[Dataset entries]
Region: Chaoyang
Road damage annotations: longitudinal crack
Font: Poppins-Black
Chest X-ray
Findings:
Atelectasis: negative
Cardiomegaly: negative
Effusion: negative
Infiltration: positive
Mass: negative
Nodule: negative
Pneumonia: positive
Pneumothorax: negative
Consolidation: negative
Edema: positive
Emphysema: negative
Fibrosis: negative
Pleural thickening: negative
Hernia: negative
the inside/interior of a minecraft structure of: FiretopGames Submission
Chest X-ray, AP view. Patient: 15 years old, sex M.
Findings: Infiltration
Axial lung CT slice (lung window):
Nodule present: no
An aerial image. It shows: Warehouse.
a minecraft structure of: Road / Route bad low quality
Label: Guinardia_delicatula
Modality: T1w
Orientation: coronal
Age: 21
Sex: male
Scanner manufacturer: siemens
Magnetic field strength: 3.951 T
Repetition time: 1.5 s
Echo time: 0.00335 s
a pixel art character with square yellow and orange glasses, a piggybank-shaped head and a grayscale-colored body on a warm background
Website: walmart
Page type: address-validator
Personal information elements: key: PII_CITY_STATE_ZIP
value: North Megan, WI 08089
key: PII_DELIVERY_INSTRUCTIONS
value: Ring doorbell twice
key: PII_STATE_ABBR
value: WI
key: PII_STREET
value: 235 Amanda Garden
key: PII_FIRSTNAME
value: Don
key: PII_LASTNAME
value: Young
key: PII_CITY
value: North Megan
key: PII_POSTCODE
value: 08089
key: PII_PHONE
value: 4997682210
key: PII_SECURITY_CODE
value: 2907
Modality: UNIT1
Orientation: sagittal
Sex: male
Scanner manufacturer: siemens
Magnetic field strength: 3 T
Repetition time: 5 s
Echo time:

* WHAT IS BEING ASKED
Copy only this part of the entries above: the line with "Fibrosis: negative", the line with "Repetition time: 1.5 s", and the lines between, all exactly as written.

* WRITTEN RESPONSE
Fibrosis: negative
Pleural thickening: negative
Hernia: negative
the inside/interior of a minecraft structure of: FiretopGames Submission
Chest X-ray, AP view. Patient: 15 years old, sex M.
Findings: Infiltration
Axial lung CT slice (lung window):
Nodule present: no
An aerial image. It shows: Warehouse.
a minecraft structure of: Road / Route bad low quality
Label: Guinardia_delicatula
Modality: T1w
Orientation: coronal
Age: 21
Sex: male
Scanner manufacturer: siemens
Magnetic field strength: 3.951 T
Repetition time: 1.5 s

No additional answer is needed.